First thing that I notice is the number of censored values at 10 MPN/100mL. As far as I am aware, these are left alone for assessemnt purposes. I will revisit this in another post.

In order to calculate the geometric mean, we need to import a library or define a function since there is no geometric mean function defined in R.

gm_mean <- function(x, na.rm=TRUE, zero.propagate = FALSE){
  if(any(x < 0, na.rm = TRUE)){
    return(NaN)
  }
  if(zero.propagate){
    if(any(x == 0, na.rm = TRUE)){
      return(0)
    }
    exp(mean(log(x), na.rm = na.rm))
  } else {
    exp(sum(log(x[x > 0]), na.rm=na.rm) / length(x))
  }
}

I want to utilize purrr::map to apply this function so that it calculates the geometric mean of the last seven years of data from each row. So we need a function that will subtract the dates, identify rows within 7 years of the current row, and return a geometric mean of those rows. We can do this with a loop, but as I am trying to use these map functions provided in the purrr package as they provide a nice functional programming way of addressing this problem.I am still working on incorporating purrr::map variants into my workflow. Hopefully I have used it correctly here.

So the first step is to create a function that identifies the values within 7 years of the current row and returns the geomean of those values. I also do not need a value calculated for measurements within the first 7 years.
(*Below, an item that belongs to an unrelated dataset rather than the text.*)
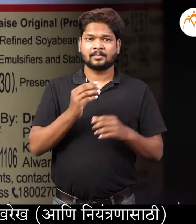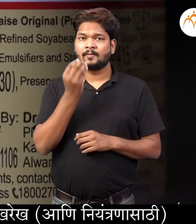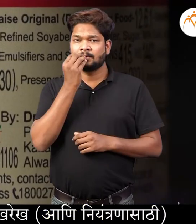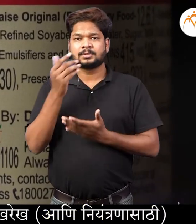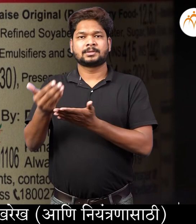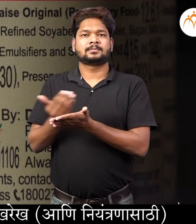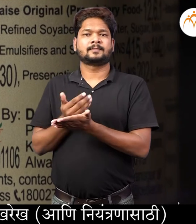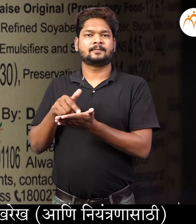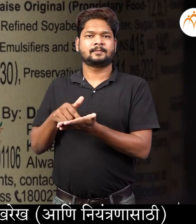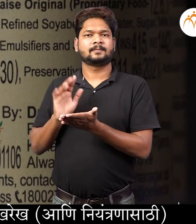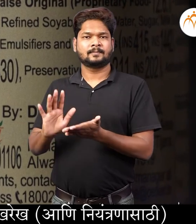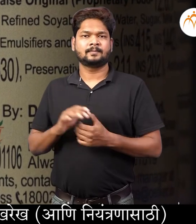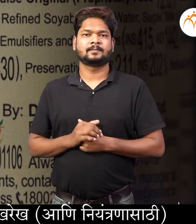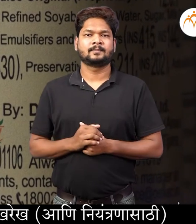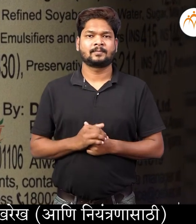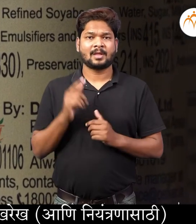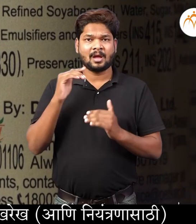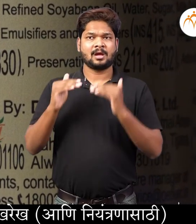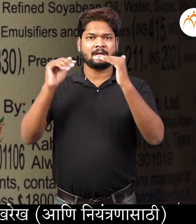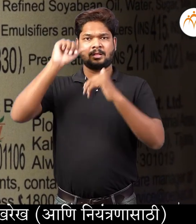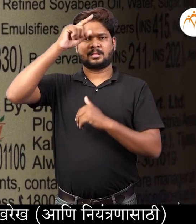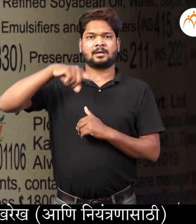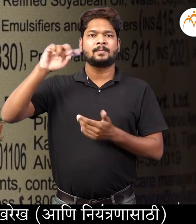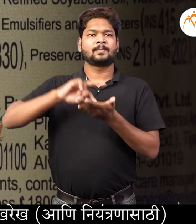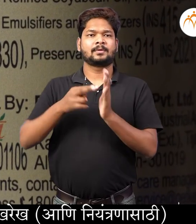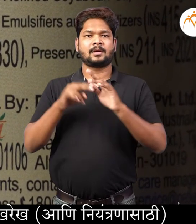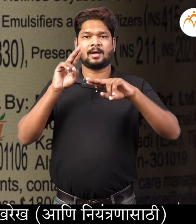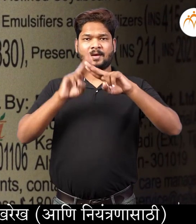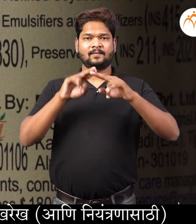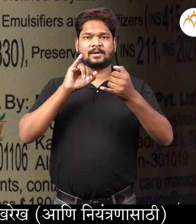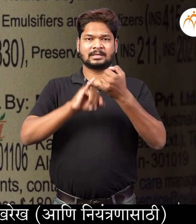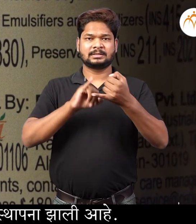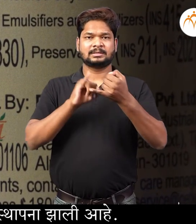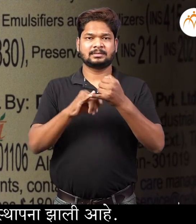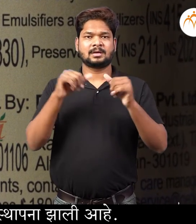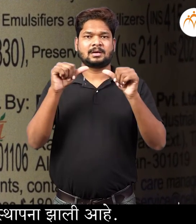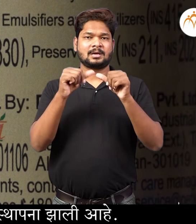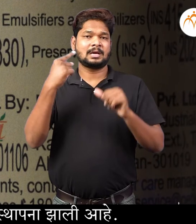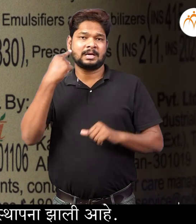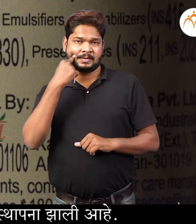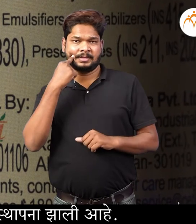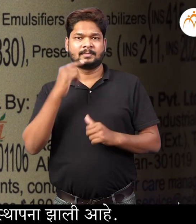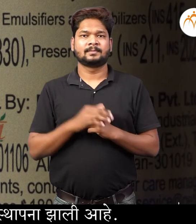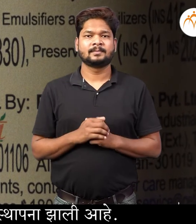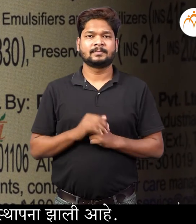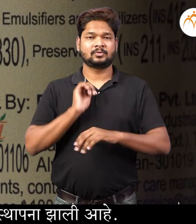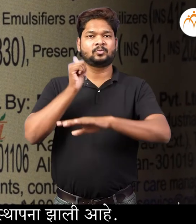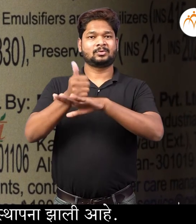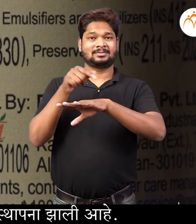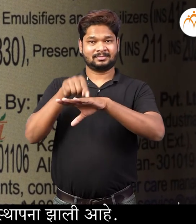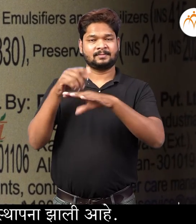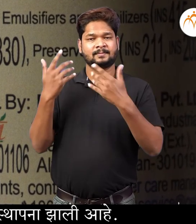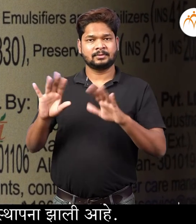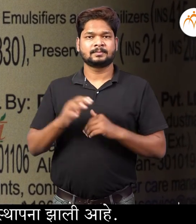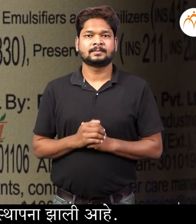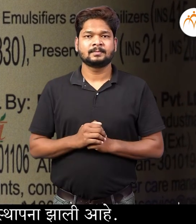नियंत्रणा सठी Food Safety and Standard of India FSSAI ची स्थापना

library(lubridate) ## import lubridate for as.duration and dyears functions
myfunc <- function(dates, values, years, i){
  mu <- values[as.duration(dates[i] - dates)/dyears(1) <= years & as.duration(dates[i] - dates)/dyears(1) >= 0]
  if(as.duration(dates[i] - dates[1])/dyears(1) < 7){
    return(NA)
  }
  else(gm_mean(mu)
  )
}

Now apply this function using map in the dplyr chain:

library(purrr)
df2 <- df %>%
  arrange(`End Date`) %>%
  mutate(Rolled_gm = map_dbl(seq_along(.$`End Date`),
                             ~myfunc(dates = `End Date`, values = `Value`, years = 7, i = .x)))
head(df2)
## # A tibble: 6 x 7
##   `RFA(Sample Set ID)/Tag_id` Segment `Parameter Code` Value `End Date`
##   <chr>                         <int>            <int> <int> <date>    
## 1 R194284                        1501            31701    86 2001-03-14
## 2 R195801                        1501            31701    85 2001-06-21
## 3 L064180                        1501            31701   410 2001-09-05
## 4 R198132                        1501            31701   132 2001-09-18
## 5 L067079                        1501            31701   221 2001-11-26
## 6 R200081                        1501            31701   428 2002-01-10
## # ... with 2 more variables: `Monitoring Type` <chr>, Rolled_gm <dbl>

Visualize this with ggplot:

library(hrbrthemes)
ggplot(df2) +
  geom_point(aes(`End Date`, Value), alpha = 0.25) +
  geom_line(aes(`End Date`, `Rolled_gm`, color = "7-yr rolling geometric mean"), size = .75) +
  geom_hline(aes(yintercept = 35, color = "35 MPN/100mL water quality standard"), size = .75) +
  scale_y_log10(labels = scales::comma) +
  theme_ipsum_rc() + scale_color_brewer(name = "", type = "qual", palette = "Set2") +
  labs(
    title = "Enterococcus concentrations",
    subtitle = "Tres Palacios Tidal",
    caption = "Source: TCEQ CRP Data Tool",
    x = "Sample date", y = "Concentration (MPN/100mL)"
  )

I think this a relatively easy figure for stakeholders to understand. The red line depicts the rolling geometric mean used to assess compliance with water quality standards at any given sampling point.